The Lasting Cultural Impact Of The American Jewish Deli

A trip through the history of the delicatessen as both a culinary and social hub.

In Los Angeles, the Skirball Cultural Center is currently running an exhibit that showcases the history of the Jewish Deli in America, from its humble food cart origins to its brick-and-mortar temples of smoked, cured meats and brined vegetables. The title of the exhibition, "I'll Have What She's Having," is a reference to the most famous scene from the 1989 film When Harry Met Sally, filmed at the famous Katz's Delicatessen of Manhattan's Lower East Side (and indisputably the most famous film scene ever set in an American deli). The exhibit captures delis at their cultural peak in the 20th century, and while the number of delis has waned since then, those that remain continue to be a vital element of major American cities.

The deli was a natural outgrowth of the immigrant experience: move to places where other folks you know already live, then work together to establish your community. These establishments were the nerve center, filling a need as both a place to buy kosher food items and a crucial public gathering space.

It continued to serve those necessary functions following the Holocaust, and more Jewish immigrants arrived in the US. Rena Drexler, who was liberated from Auschwitz and eventually wound up in Los Angeles, opened Drexler's Deli in 1951. Abe Lebewohl, another survivor who opened 2nd Avenue Delicatessen in New York, "refused to turn away customers for an inability to pay."

The enduring appeal of the deli is as much about food as it is about simply being surrounded by other people. Some are hungry, some are satisfied. The smell of meat is as visceral as the sounds of old people slurping soup or the frenetic energy of the cashier at the end of the bustling cafeteria line.

I have to give a shoutout here to Manny's in Chicago, which was one of the many great delis featured in the Skirball exhibit. More specifically, credit is due to Manny's latke, an absolute unit of a potato pancake and one of those foods I'll always dream of eating.

How delis became a local news source

One of the most enlightening sections of the exhibit put a spotlight on the trade and union publications for and about delis in 20th-century America. One, the Mogen Dovid Delicatessen Magazine (operated by the Mogen Dovid Delicatessen Owners Association), ran from 1930 to 1939 and "covered local politics, racketeering issues, union matters, and community news."

"Labor Monthly of the Food Service Industry," meanwhile, was a newsletter circulated by New York City's Local 338, the bagel bakers. The image on the cover hows a weary bageler looking out across the landscape toward a mountainous horizon, beckoned by the sunrise, its rays accompanied by phrases like "job security," "higher wages," "shorter work week," and "expanded health service."

Local 338, the exhibit explains, was able to secure better wages for its members, but the mass-production of bagels, which became standardized in 1958, "undercut [the unions'] ability to bargain collectively."

The origins of the hot dog

As Jews arrived in the United States, the country was becoming a beef nation. A hot dog isn't a deli food, per se, but the two are indirectly linked.

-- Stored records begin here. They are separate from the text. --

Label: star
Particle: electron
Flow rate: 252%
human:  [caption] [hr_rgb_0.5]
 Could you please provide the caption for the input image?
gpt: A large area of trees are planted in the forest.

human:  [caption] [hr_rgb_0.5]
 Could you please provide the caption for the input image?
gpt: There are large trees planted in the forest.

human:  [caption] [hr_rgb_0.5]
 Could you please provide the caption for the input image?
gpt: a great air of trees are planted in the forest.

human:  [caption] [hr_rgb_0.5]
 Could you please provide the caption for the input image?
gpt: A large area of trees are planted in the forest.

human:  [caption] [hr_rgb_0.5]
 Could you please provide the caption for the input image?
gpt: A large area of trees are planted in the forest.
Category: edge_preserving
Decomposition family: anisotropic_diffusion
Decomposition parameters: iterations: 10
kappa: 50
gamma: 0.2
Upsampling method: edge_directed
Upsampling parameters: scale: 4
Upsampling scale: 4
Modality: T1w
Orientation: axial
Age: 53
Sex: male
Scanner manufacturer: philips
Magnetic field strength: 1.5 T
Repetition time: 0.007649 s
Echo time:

In America, the growing abundance of the cattle industry aligned with the technological innovation to process them on a mass scale: Slaughtering and dressing a cow could take eight to ten hours by hand, but by 1890, "industrial packing houses cut that time down to thirty-five minutes."

Creating an all-beef hot dog that was also kosher was a new development in the sausage world, and it became incredibly popular. Vienna Beef was founded by two Jewish immigrants who sold their dogs at the 1893 World's Columbian Exposition in Chicago. The salad on top, "dragged through the garden" as a Chicagoan would say, was in response to the need to give Depression-era customers a bit more bang for their buck.

The Chicago dog is an example of how multiethnic collaboration can produce legendary results. The dog itself was a Jewish creation. The poppyseed Rosen's roll was the work of a Polish Chicagoan. Tomato and onion for our Italian palates. Sport peppers from Mexico. Influences converging in a dish that embodies an entire city's cuisine.

The lasting impact of the Jewish deli

Successful delis will always retain a mythical quality. Presidential hopefuls hungry for attention visit them on the campaign trail. There is a great image of Guns N Roses sitting in debauched malaise at a booth at Canter's Deli in Los Angeles, their first publicity photo as a band. It's a place you go to get really full, to the point that you start making those noises only someone who has eaten too much can make. It's a place of sight and sound and smell, a full spectrum of the human eating experience, which is beautiful and ever so slightly disgusting at the same time.

Maybe Art Ginsburg, a Los Angeles deli owner, put it best when he "once jokingly referred to the deli's huge framed photos of pastrami and corned beef platters as 'Jewish pornography.'" The main difference is that with pastrami, it's okay if you finish quickly.